Records from a dataset:
»»

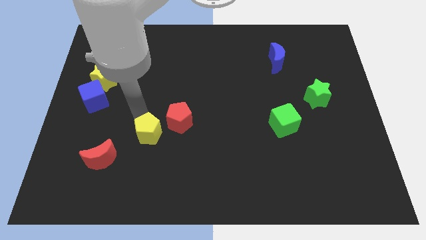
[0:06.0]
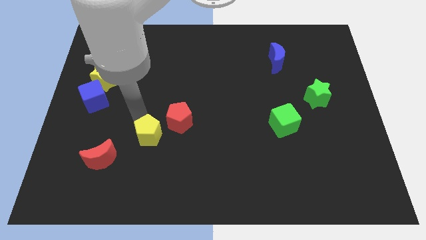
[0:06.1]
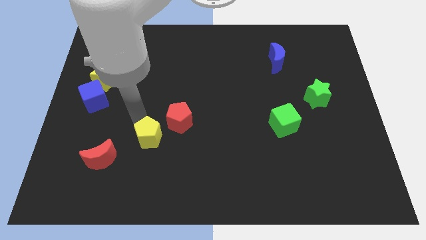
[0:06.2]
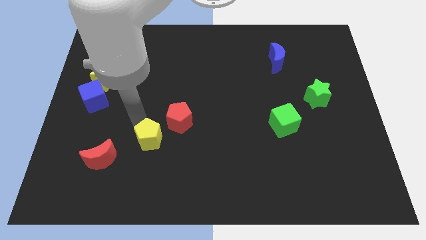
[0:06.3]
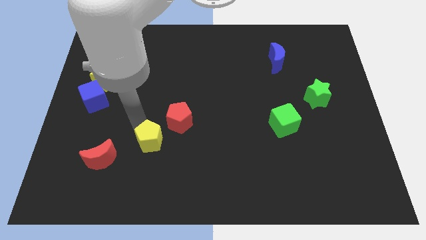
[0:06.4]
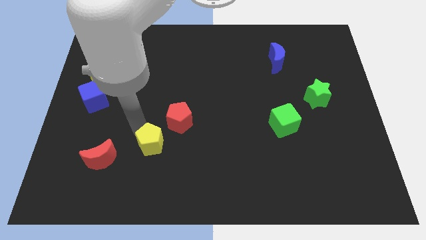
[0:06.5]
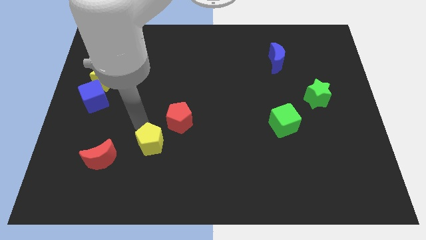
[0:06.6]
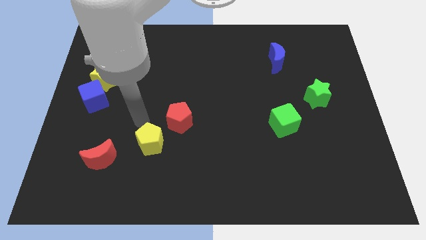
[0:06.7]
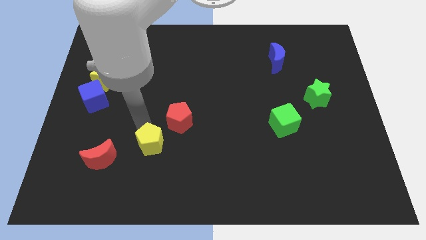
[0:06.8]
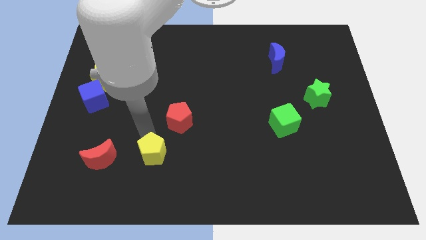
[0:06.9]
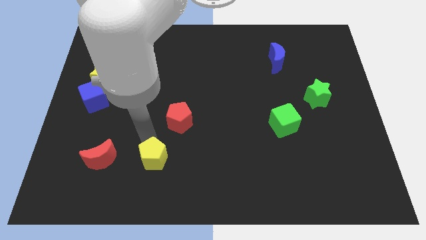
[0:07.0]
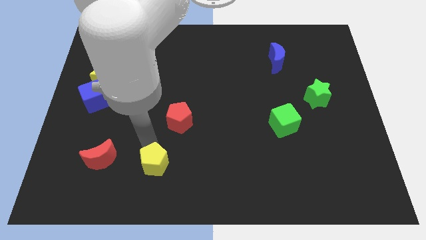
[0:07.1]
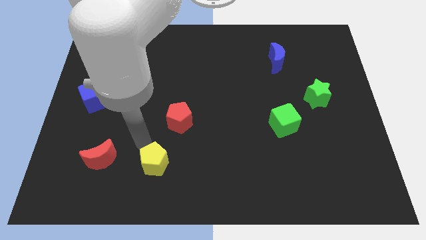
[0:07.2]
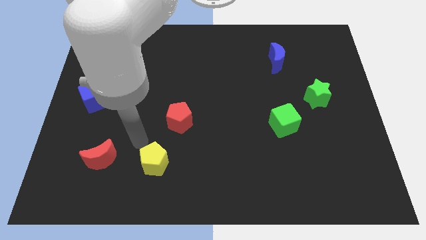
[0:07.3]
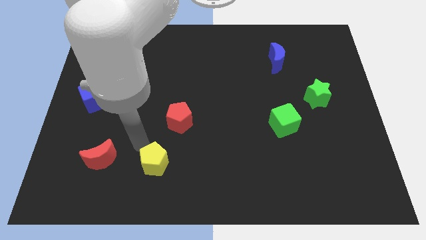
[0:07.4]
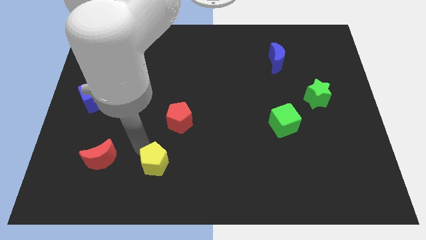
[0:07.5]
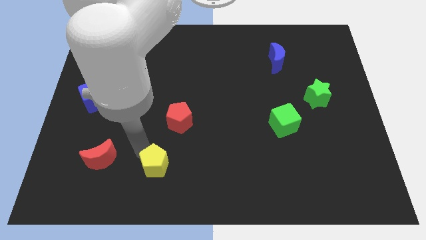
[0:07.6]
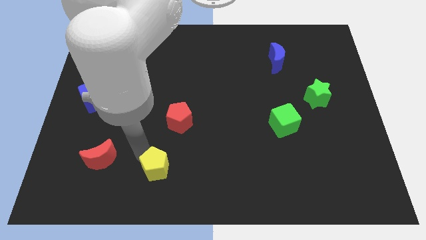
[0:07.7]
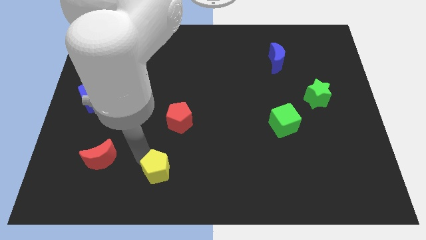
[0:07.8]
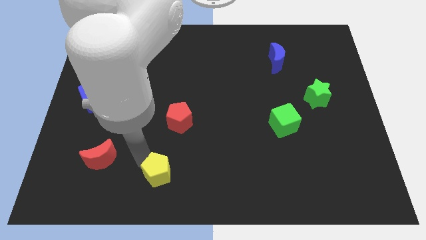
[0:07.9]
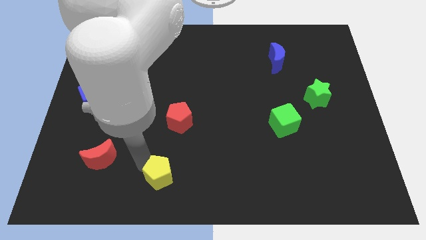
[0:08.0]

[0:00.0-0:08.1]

««

→ Task to carry out: Wherever an image appears, omit it; copy the rest of the records exactly.

→ Written solution:
[0:06.0]
[0:06.1]
[0:06.2]
[0:06.3]
[0:06.4]
[0:06.5]
[0:06.6]
[0:06.7]
[0:06.8]
[0:06.9]
[0:07.0]
[0:07.1]
[0:07.2]
[0:07.3]
[0:07.4]
[0:07.5]
[0:07.6]
[0:07.7]
[0:07.8]
[0:07.9]
[0:08.0]

[0:00.0-0:08.1]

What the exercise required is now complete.